FINAL PATHOLOGIC DIAGNOSIS:

Kidney/retroperitoneum, mass, left, core biopsy: Renal carcinoid tumor (neuroendocrine tumor)

Primary renal carcinoid tumor is extremely rare, with less than 100 cases reported in literature. Neuroendocrine cells are not a normal part of the kidney. It is hypothesized that small rests of the cells may be acquired through metaplasia, a result of congenital abnormality, abnormal embryonal cellular migration, or represent metastasis of unknown primary. Most are found incidentally or a result of mass effect rather than carcinoid syndrome. Often, the tumors are hypodense and do not enhance.

In this case, there is equivocal but suspected enhancement on the CT, although given the size and appearance, a high suspicion for neoplasm is present. Rather than perform an expensive subtraction MRI, ultrasound was utilized to confirm the vascular nature of this neoplasm.
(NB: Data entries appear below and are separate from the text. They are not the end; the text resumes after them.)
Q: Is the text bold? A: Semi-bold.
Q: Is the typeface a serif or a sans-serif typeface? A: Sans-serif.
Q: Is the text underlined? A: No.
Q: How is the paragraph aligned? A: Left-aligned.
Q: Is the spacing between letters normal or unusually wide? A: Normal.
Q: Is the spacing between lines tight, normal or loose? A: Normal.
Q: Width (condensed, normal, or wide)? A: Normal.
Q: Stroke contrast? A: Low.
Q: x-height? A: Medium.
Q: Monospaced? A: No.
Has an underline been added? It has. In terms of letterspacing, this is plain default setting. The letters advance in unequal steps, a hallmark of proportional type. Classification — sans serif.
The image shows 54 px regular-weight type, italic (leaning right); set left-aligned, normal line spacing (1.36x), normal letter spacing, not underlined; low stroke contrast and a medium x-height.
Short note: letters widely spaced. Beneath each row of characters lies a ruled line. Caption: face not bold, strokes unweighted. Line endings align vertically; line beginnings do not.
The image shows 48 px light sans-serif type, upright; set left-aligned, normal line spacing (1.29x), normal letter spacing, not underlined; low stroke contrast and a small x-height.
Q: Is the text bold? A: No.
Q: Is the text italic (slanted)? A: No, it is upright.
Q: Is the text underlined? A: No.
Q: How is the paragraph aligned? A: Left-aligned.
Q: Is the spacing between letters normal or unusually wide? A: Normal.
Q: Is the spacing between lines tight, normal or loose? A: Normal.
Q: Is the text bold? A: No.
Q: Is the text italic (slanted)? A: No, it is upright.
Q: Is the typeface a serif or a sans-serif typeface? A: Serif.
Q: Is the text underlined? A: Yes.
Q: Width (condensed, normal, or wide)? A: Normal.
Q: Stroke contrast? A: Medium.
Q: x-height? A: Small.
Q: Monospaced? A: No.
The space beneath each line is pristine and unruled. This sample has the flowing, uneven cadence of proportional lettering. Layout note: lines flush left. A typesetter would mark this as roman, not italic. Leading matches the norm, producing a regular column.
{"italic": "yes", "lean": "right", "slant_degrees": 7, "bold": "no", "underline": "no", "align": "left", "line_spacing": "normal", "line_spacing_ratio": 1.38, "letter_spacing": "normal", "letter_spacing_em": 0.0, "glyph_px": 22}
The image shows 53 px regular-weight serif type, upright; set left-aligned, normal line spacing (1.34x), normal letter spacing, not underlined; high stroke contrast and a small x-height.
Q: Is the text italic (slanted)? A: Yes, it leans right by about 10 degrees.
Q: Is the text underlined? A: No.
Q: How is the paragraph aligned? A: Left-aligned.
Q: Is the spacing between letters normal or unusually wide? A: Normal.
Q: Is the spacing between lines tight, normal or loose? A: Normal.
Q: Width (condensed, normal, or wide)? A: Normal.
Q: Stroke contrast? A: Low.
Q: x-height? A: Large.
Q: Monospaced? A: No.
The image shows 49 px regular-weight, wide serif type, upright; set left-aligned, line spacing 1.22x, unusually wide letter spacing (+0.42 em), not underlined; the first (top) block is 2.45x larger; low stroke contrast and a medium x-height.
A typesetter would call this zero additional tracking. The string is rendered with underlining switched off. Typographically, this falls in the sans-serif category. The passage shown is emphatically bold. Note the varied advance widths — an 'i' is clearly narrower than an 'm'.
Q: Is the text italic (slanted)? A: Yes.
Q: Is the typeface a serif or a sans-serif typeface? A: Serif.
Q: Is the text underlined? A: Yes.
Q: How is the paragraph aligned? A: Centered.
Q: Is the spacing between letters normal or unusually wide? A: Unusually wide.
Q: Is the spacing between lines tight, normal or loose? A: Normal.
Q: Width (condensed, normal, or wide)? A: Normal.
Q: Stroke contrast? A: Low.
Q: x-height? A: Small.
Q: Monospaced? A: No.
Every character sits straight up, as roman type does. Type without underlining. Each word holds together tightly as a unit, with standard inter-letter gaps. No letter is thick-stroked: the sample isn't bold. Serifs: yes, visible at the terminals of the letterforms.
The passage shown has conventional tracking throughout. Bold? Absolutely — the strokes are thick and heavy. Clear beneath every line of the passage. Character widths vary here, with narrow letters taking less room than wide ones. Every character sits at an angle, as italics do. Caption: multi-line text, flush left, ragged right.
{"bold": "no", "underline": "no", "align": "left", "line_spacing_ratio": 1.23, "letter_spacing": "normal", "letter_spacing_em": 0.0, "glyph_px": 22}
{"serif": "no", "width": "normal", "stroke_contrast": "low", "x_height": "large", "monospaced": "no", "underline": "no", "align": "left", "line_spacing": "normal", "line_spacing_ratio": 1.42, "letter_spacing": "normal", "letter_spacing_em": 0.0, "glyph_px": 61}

The ultrasound images are very helpful in demonstrating the important principal of careful Doppler interrogation, as the sonologist originally reported that no flow is present within the mass. However, after encouragement to perform a more careful evaluation, several areas of color Doppler and spectral arterial flow were identified in the solid portion of the mass, indicating that this is not a complex renal cyst compared by hemorrhage but rather a solid, vascular neoplasm. At that point, the patient could proceed directly to image guided biopsy for final pathologic diagnosis.